- The former pub in 2023
- Interactive map of the Spread Eagle area
- Former names: Malt Shovel Bricklayers Arms
- Alternative names: Yemen Heaven

General information
- Status: Converted to restaurant use
- Type: Public house (former)
- Location: 98 Walmgate, York, England
- Coordinates: 53°57′23″N 1°04′26″W﻿ / ﻿53.95637°N 1.07379°W
- Year built: Early 19th century
- Opening: 2022 (as a restaurant)
- Renovated: Mid-19th century and c. 1902 (altered) c. 2021 (converted)
- Closed: 2020 (as a pub)

Design and construction

Listed Building – Grade II
- Official name: The Spread Eagle public house
- Designated: 14 March 1997
- Reference no.: 1256353

Website
- yemenheaven.com

= Spread Eagle, York =

Listed former pub in York, England

The Spread Eagle is a Grade II listed former public house on Walmgate in York, England. A pub has stood on the site since the late 18th century, and the present building dates from the early 19th century, with later alterations in the mid‑19th century and around 1902. It was known as the Malt Shovel and the Bricklayers Arms before adopting the name Spread Eagle. The building was included in the Central Historic Core conservation area in 1968. After closing in 2020, it was converted for restaurant use and now operates as Yemen Heaven.

==History==
A public house has been recorded on the site since the late 18th century. The present building on Walmgate dates from the early 19th century and was altered in the mid‑19th century, with further changes made around 1902. Earlier names included the Malt Shovel and the Bricklayers Arms before it became the Spread Eagle.

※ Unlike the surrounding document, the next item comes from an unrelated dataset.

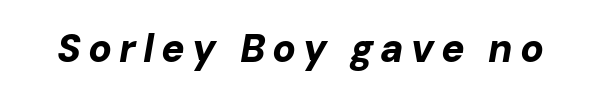
The face used here has the dense, thick strokes of a bold. The space directly below the letters is spotless. Think of a printed novel: that variable character pitch is what you see here. There's an unmistakable incline to the writing here.

In 1968 the site was included within the newly established Central Historic Core conservation area, and on 14 March 1997, the Spread Eagle was designated a Grade II listed building.

In the mid‑1990s the upper floor of the pub housed Shylock's restaurant. In 2000 permission was granted for internal changes, including converting the first and second floors into residential accommodation. In 2015 the premises were used for auditions for the television talent show The X Factor. The pub closed in November 2020, and the Campaign for Real Ale (CAMRA) applied to have it listed as an asset of community value in an effort to retain it as a pub for local residents. The application was later withdrawn by CAMRA. In December 2021, during works to convert the building into a restaurant, the property was vandalised, and a local fundraising effort helped the owners with the resulting costs. The restaurant opened in February 2022 as Yemen Heaven and is now in operation.

==Architecture==
The ground floor has a front framed by timber uprights with red brick between them, laid in an English garden‑wall pattern. The upper storeys are finished in stucco, with the first floor marked by shallow grooves, and the rear built in pink‑cream brick of the same bond. The front roof is tiled, the rear roof slated, with a brick chimney.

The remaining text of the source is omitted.